Alex walked over to the table and chair. She propped her rifle against the wall and sat down, burying her face in her hands. “The curse—are those the spirits I see around my brothers?”

Proctor scraped a chair across the floor, spun it around, and sat down across from her. “Yes.”

“I guess that’s why I came to see you.” She looked up, her eyes full of tears. She took off her hat and pulled at a fistful of her short-cropped hair. “I’ve lost a lot of the sight by not using my talent. But I thought I could see … I don’t know. Around my brothers. All the time.”

“They’re dead men, mostly dead soldiers. Their souls are shackled to every man who enlists in the army. They fill them with fear and drive them to desertion.”

“My brothers are afraid of nothing and would never desert the cause once they decide to fight for it.”

“Then they’ll fit in with General Washington and the
men who’ve stayed with him. And the curse, unable to break their wills, will seek ways to find them dead. I’m sorry.”

“Is this because of Deborah and her mother too?” Her words choked in her throat.

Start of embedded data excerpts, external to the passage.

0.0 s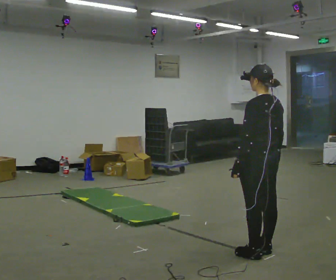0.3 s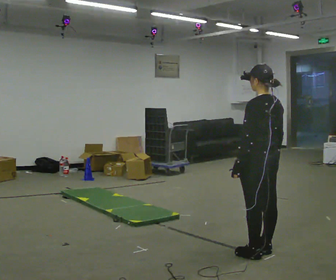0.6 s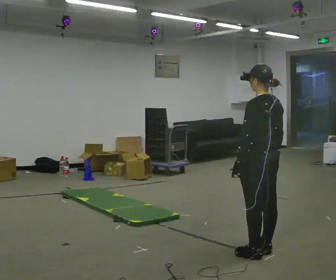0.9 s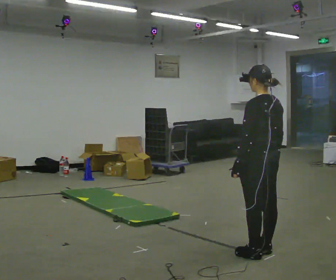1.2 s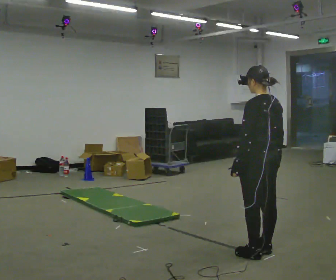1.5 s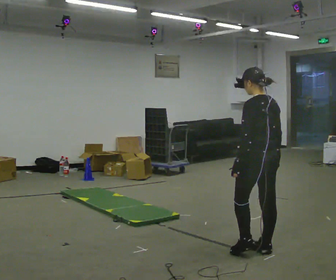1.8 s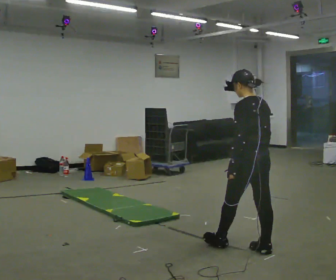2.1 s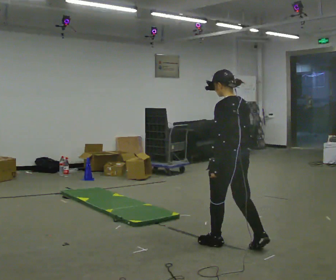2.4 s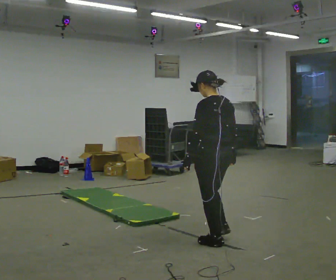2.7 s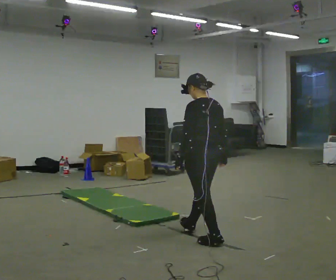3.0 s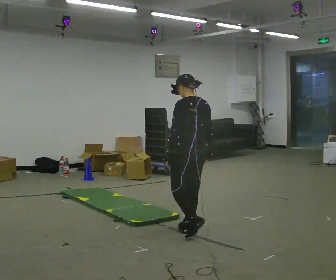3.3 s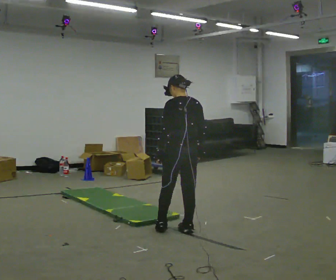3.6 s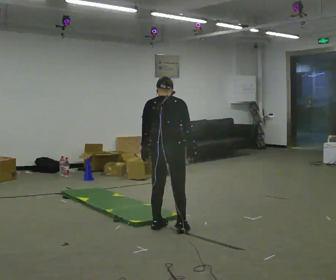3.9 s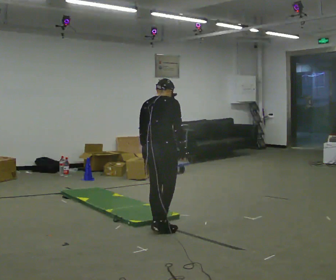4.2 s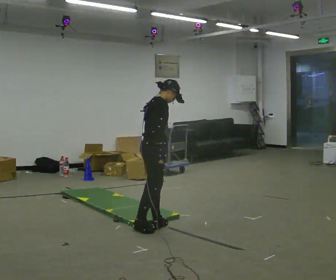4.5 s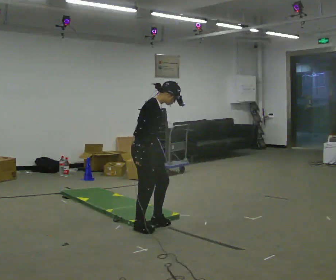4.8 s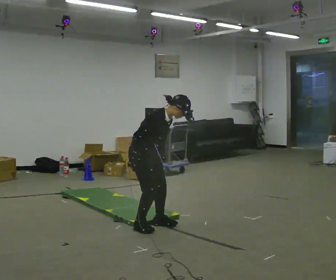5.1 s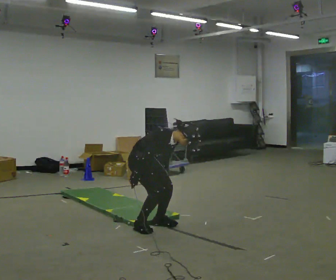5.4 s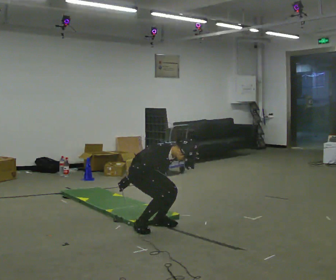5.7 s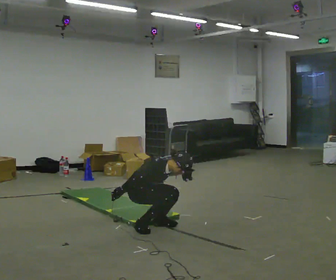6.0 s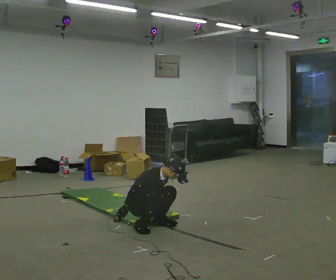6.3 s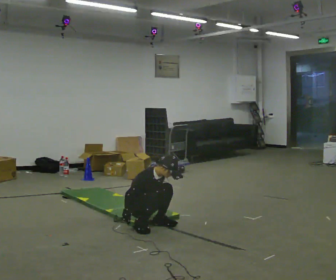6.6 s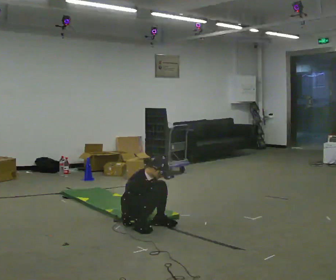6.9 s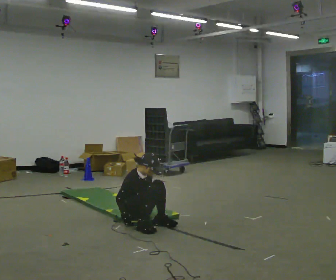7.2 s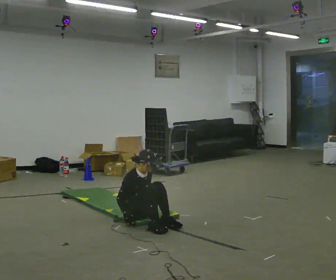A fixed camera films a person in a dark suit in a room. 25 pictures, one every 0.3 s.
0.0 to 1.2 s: The person moves a little, or ends about where they began.
1.2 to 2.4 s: In the picture they go to the left and away from the camera, about 0.5 m in 1 step, which for them is forward.
2.4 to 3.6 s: The part of the body nearest the lens slides to the left as the person turns to their right by about 45 degrees. In the picture they go to the left and away from the camera, about 0.75 m in 2 steps, which for them is forward.
3.6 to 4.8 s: The person turns about 105 degrees to their right, clockwise seen from above, so the part of the body nearest the lens slides to the left. In the picture they go to the left, about 0.25 m in 2 steps. In the picture the upper body tilts clockwise, shoulders to the right, as they bend forward.
4.8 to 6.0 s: The shoulders move downward. In the picture their right hand goes downward.
6.0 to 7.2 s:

Proctor shook his head softly, and spoke softer still. “No, we’re nothing to the Covenant. They would be doing this regardless. They want to keep the empire alive as a focus, allowing them to draw on the power of men around the globe, in order to cast their spells. They’re killing anyone who might stand in their way. Any witch who doesn’t join them is against them.”

“Miss Cecily joined them,” she said.

Proctor nodded.

“And Lydia too.”

“No, not Lydia. She was Miss Cecily’s slave in more ways than one, body and soul. She’s forced to serve Miss Cecily in spirit, but Cecily also draws on Lydia’s power, adding it to her own. That’s the kind of thing the Covenant does, and it’s wrong.” It’s what Deborah had done too. Had he forgiven her for that yet? Had she forgiven herself?

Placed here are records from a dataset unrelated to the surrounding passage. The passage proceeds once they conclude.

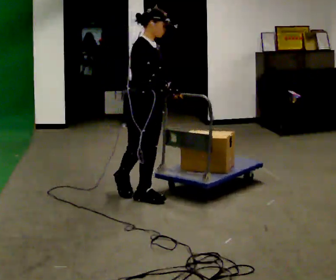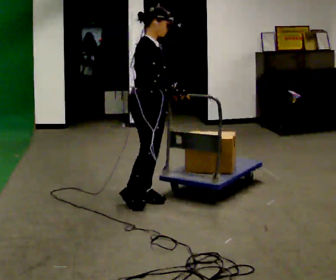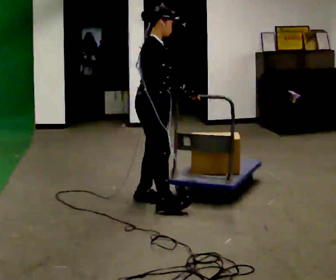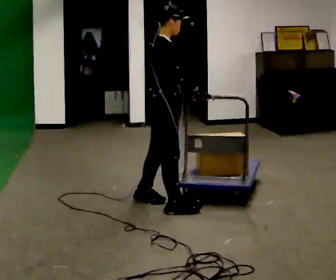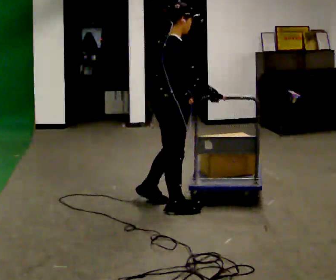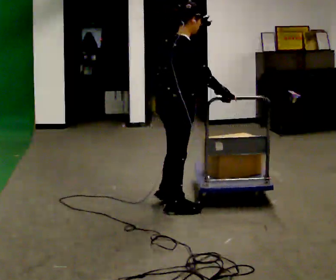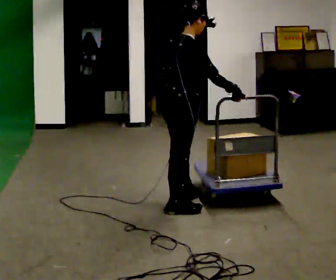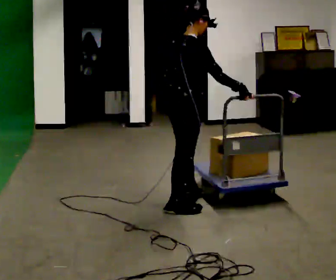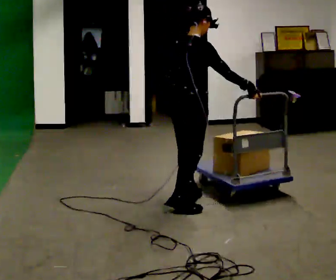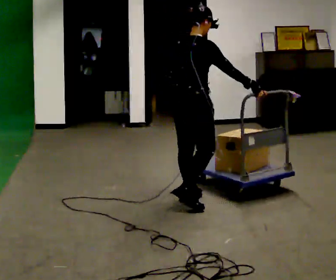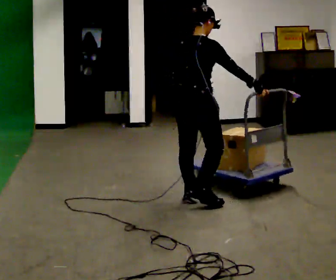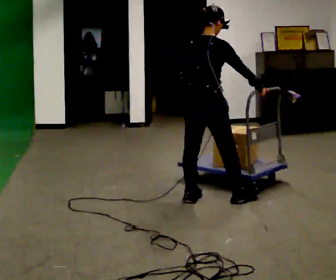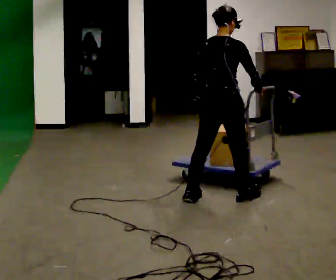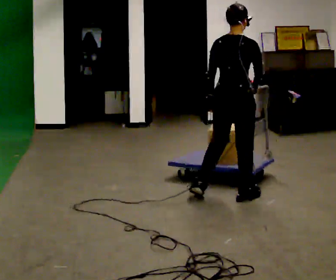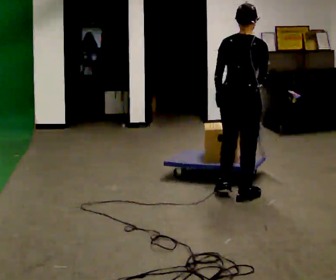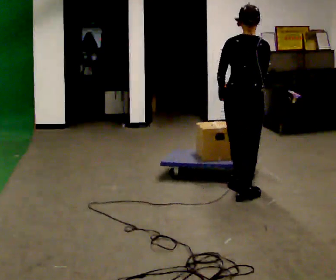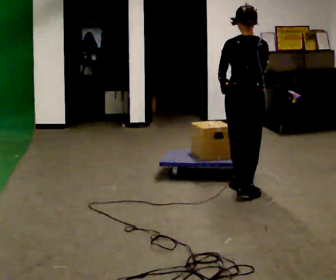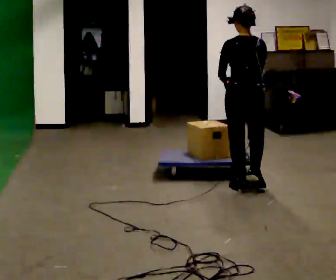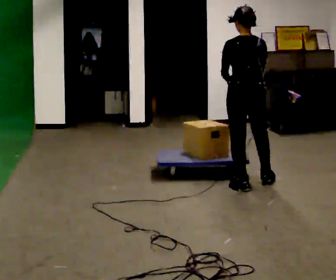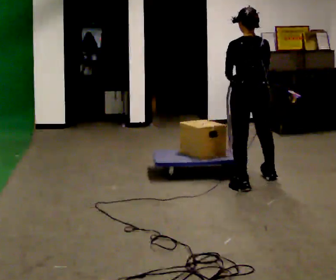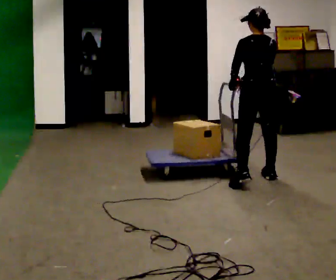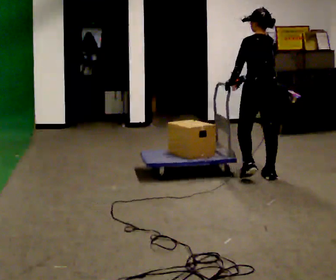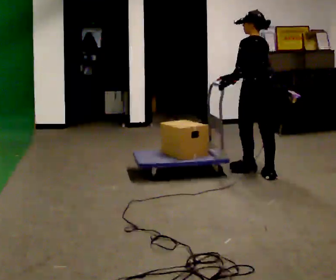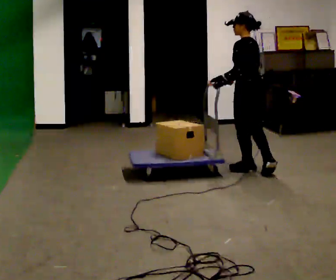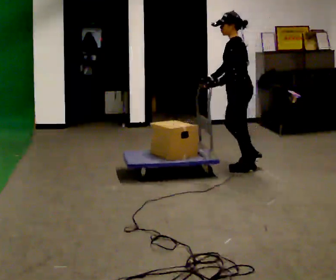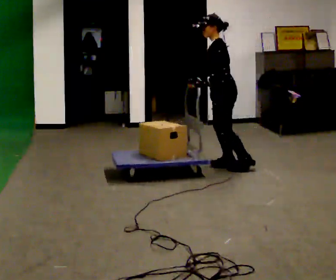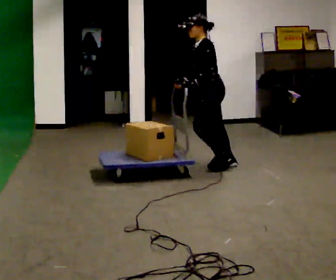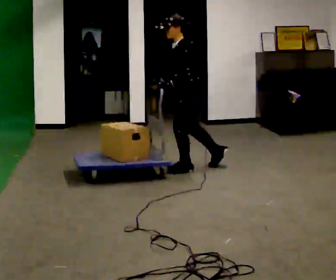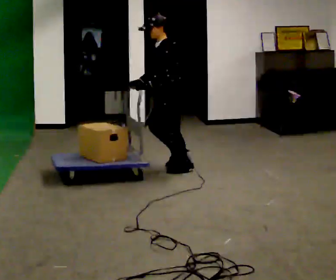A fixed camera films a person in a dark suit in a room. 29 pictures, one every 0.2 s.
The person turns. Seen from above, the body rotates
counterclockwise.
The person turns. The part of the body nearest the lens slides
to the right.
0.0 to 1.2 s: The person turns about 60 degrees to their left, counterclockwise seen from above, so the part of the body nearest the lens slides to the right. In the picture they go to the right and toward the camera, about 0.5 m in 1 step, which for them is to their right and forward.
1.2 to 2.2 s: Seen from above the body turns counterclockwise, about 30 degrees: to their left, with its near side sliding to the right. In the picture they go away from the camera and to the right, about 0.25 m in 1 step, which for them is forward.
2.2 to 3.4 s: The person turns about 45 degrees to their left, counterclockwise seen from above, so the part of the body nearest the lens slides to the right. In the picture they go away from the camera and to the right, about 0.5 m in 2 steps, which for them is forward and to their right.
3.4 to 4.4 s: The part of the body nearest the lens slides to the right as the person turns to their left by about 30 degrees. In the picture they go away from the camera, about 0.5 m in 1 step, which for them is forward and to their right.
4.4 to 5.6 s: The person turns about 60 degrees to their left, counterclockwise seen from above, so the part of the body nearest the lens slides to the right. In the picture they go to the left, about 1 m in 3 steps.
The film runs forward here.

“Is that why you fight them?” Alex asked.

“As long as there’s breath in my body,” he said. “For that, and for what they did to Deborah’s parents and yours. But everyone who serves them is slave to another. Cecily is bound to a German necromancer, the same way that Lydia is bound to her, and all her power flows into him. I am certain he’s the one who set the curse.”

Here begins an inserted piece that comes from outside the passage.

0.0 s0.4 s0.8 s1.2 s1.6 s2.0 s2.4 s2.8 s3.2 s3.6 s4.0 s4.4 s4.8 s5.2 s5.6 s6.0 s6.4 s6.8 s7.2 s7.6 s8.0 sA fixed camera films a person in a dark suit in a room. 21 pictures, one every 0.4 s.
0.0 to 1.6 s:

“Can’t we kill him and break it?”

Proctor thought about the time they’d faced him at Gravesend. He didn’t think he was ready to face the German again, not yet. And there was another problem. “A curse outlives the witch who cast it. As long as its focus remains—a house or a family—the curse continues. From everything Deborah and I could tell, this curse was placed
on the Continental army, and it will last until the army is gone. Or until we find a way to break it.”

Alex seemed to shrink as they spoke. She looked like a young girl again, not even twenty, one who’d lost her parents and seen too many other people die violently and now faced the loss of even her brothers, the last friends and protectors she had in the world.

“I need your help to break the curse,” Proctor said.

She shook her head. “I can’t help you.”

“We’ll need a circle, as big as we can make it, to draw enough power to break this necromancer’s power.”

“And who do you have for this circle? You and me?”

“We’ll go get Deborah.” As he said it, he knew it was true. Alex had lost all confidence in her talent, and didn’t want to use it. But with the three of them—with Deborah, frankly, since she was the most powerful of them—they might be able to draw enough talent to break the curse.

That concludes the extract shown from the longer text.